▸ **Work instructions**
Your response should be every line from the entries that includes the string "latitude".

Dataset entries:
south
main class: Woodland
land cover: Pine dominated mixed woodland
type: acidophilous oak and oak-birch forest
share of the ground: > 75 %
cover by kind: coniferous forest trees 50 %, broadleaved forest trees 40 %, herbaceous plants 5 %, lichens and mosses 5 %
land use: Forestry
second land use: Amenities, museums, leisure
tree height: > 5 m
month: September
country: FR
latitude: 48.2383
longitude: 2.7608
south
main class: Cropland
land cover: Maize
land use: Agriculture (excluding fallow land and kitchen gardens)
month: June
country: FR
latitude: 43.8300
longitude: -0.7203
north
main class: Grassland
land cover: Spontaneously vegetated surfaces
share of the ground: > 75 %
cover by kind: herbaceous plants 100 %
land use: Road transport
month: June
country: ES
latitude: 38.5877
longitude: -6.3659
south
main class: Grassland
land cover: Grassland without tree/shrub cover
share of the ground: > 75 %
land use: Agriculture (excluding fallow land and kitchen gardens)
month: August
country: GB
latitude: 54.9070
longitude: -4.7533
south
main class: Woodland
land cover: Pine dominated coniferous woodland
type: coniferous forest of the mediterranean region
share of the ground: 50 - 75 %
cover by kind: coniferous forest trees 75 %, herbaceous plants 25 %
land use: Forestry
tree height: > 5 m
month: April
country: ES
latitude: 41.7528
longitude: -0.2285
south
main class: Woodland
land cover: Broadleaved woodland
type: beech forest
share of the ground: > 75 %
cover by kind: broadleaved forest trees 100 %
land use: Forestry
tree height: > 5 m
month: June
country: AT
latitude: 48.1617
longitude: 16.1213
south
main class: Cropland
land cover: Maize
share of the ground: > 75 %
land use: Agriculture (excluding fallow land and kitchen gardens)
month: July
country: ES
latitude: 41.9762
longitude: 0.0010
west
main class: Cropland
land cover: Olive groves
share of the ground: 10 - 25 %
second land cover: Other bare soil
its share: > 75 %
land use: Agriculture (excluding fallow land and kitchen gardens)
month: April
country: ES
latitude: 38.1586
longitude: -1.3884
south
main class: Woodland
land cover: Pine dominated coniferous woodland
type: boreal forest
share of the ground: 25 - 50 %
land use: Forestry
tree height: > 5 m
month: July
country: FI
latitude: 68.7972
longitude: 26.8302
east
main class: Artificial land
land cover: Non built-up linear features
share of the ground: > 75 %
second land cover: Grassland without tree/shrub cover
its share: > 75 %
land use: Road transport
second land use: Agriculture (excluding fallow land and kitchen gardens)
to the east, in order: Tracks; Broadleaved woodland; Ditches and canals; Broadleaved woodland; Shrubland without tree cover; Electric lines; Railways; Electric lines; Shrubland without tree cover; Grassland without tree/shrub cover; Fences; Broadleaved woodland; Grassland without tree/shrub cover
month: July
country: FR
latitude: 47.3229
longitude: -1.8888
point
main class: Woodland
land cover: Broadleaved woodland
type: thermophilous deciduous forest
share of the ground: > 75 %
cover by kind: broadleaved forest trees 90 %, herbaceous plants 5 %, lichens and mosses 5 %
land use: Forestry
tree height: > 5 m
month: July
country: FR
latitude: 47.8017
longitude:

▸ **Solution to this problem**
latitude: 48.2383
latitude: 43.8300
latitude: 38.5877
latitude: 54.9070
latitude: 41.7528
latitude: 48.1617
latitude: 41.9762
latitude: 38.1586
latitude: 68.7972
latitude: 47.3229
latitude: 47.8017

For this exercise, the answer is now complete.